- The problem
Would you return, word for word, the lines of the data below from the line with "0.0 to 1.6 s: In" through the line with "every 0.2 s.", and no others?

- Exercise data

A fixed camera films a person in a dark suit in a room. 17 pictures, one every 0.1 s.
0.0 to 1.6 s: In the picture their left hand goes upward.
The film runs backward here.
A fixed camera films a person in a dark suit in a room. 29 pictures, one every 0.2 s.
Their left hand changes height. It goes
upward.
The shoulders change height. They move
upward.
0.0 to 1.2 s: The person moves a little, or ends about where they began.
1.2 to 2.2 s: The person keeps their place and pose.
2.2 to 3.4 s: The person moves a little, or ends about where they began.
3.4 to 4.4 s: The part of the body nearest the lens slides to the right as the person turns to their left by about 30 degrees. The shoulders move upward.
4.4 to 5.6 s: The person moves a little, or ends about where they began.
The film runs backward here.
--
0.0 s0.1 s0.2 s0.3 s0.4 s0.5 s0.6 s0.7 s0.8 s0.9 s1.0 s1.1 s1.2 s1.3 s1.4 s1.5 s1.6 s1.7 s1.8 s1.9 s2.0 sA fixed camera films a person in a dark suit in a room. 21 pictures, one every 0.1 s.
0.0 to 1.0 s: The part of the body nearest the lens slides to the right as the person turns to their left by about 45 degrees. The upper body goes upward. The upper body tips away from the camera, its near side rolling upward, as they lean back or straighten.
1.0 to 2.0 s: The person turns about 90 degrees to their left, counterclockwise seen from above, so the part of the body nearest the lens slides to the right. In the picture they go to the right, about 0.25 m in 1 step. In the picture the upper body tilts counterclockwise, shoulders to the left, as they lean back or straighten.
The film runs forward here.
--
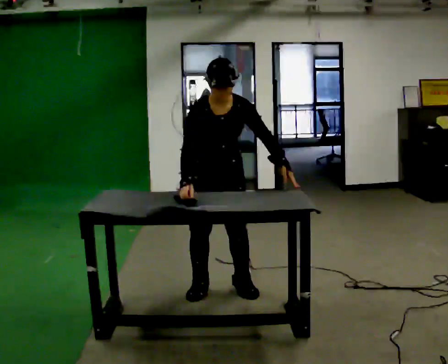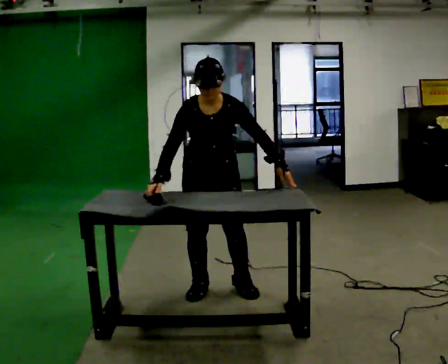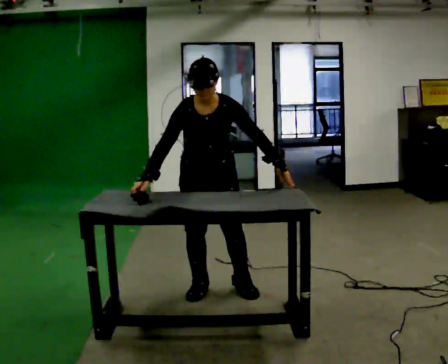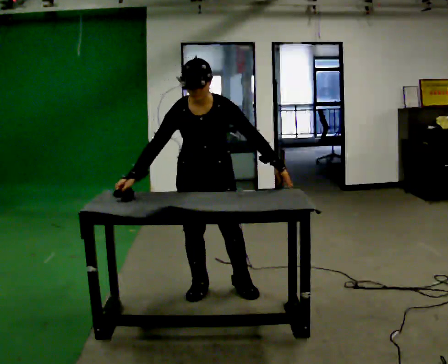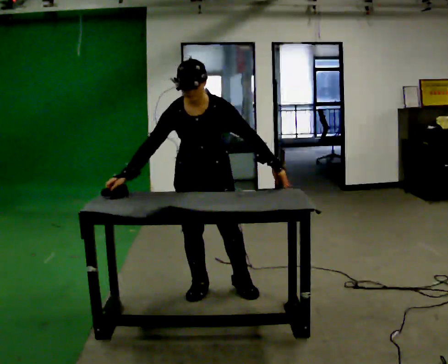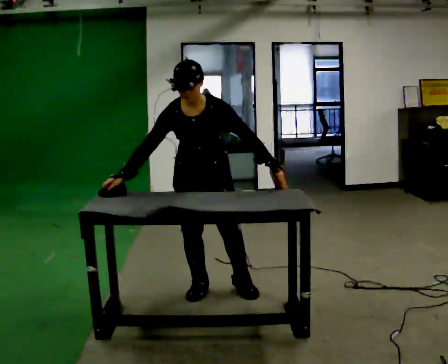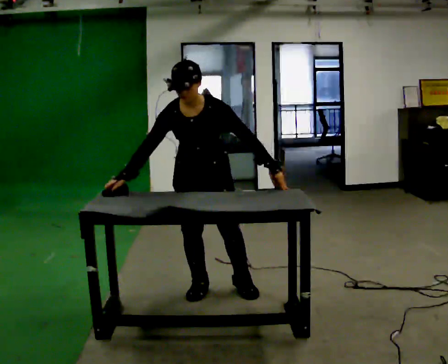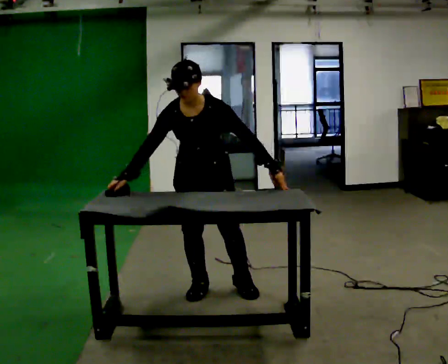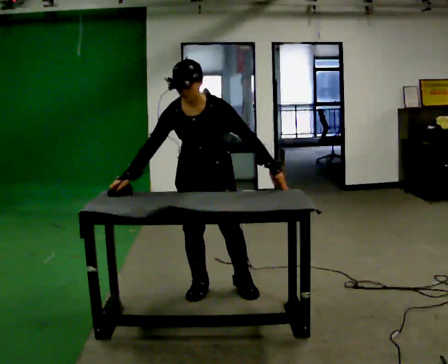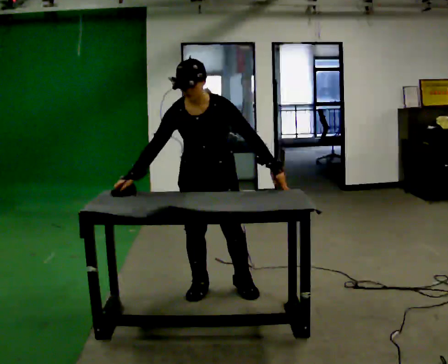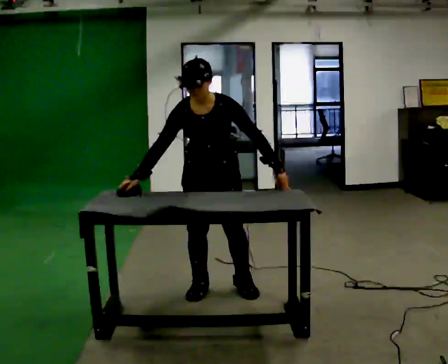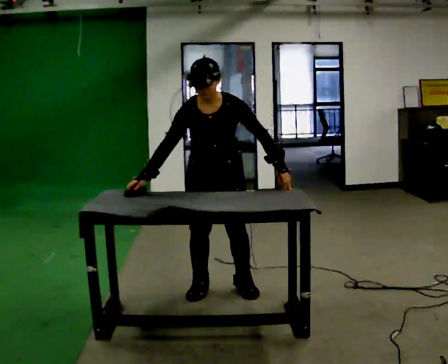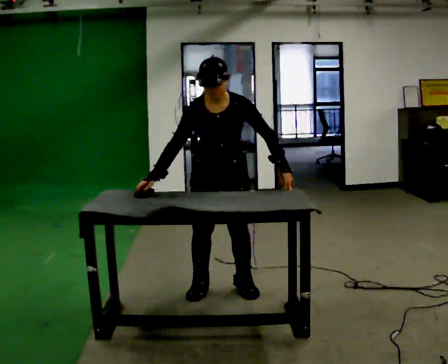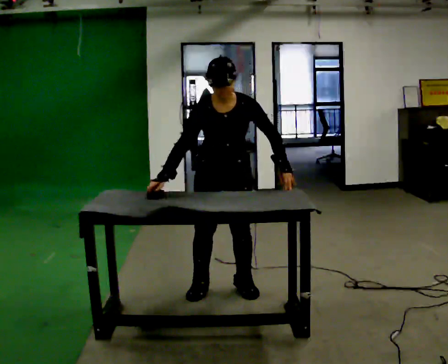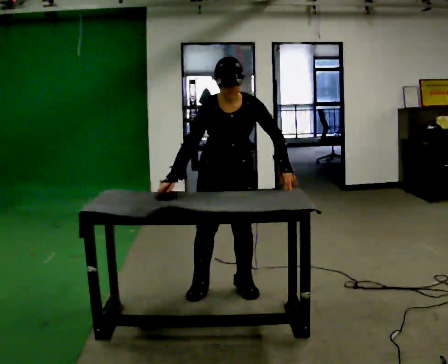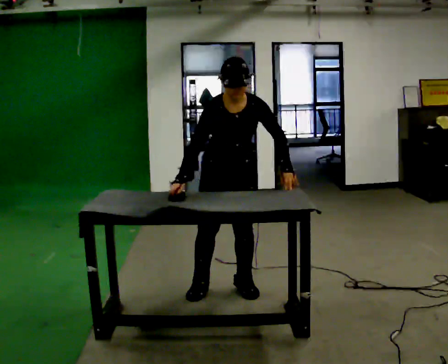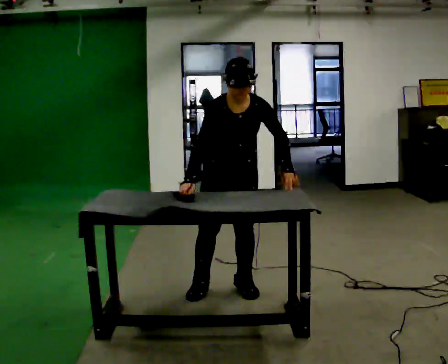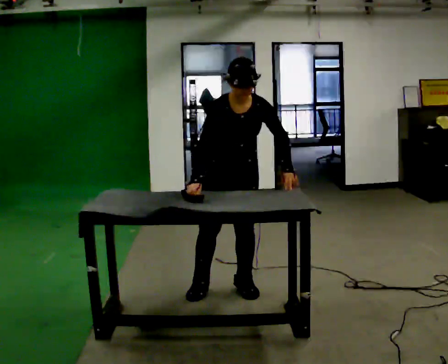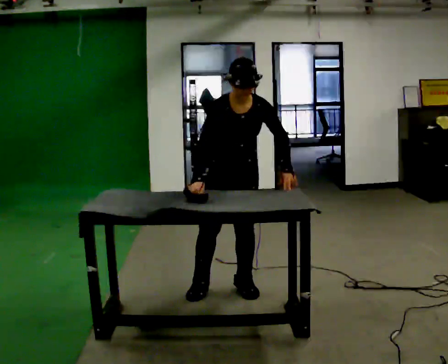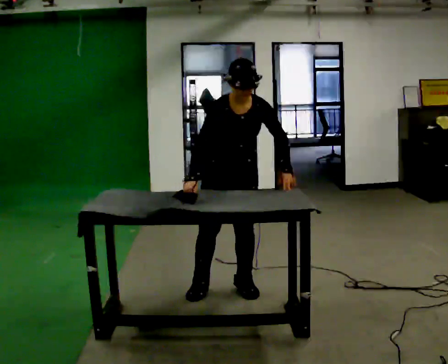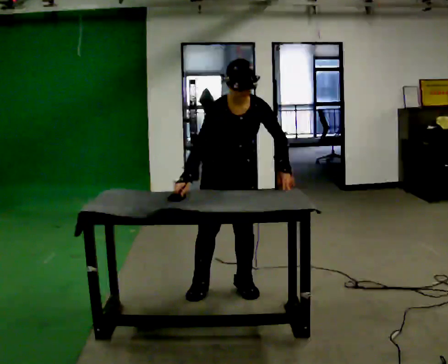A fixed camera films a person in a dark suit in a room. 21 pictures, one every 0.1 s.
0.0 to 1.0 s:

- Solution to this exercise
0.0 to 1.6 s: In the picture their left hand goes upward.
The film runs backward here.
A fixed camera films a person in a dark suit in a room. 29 pictures, one every 0.2 s.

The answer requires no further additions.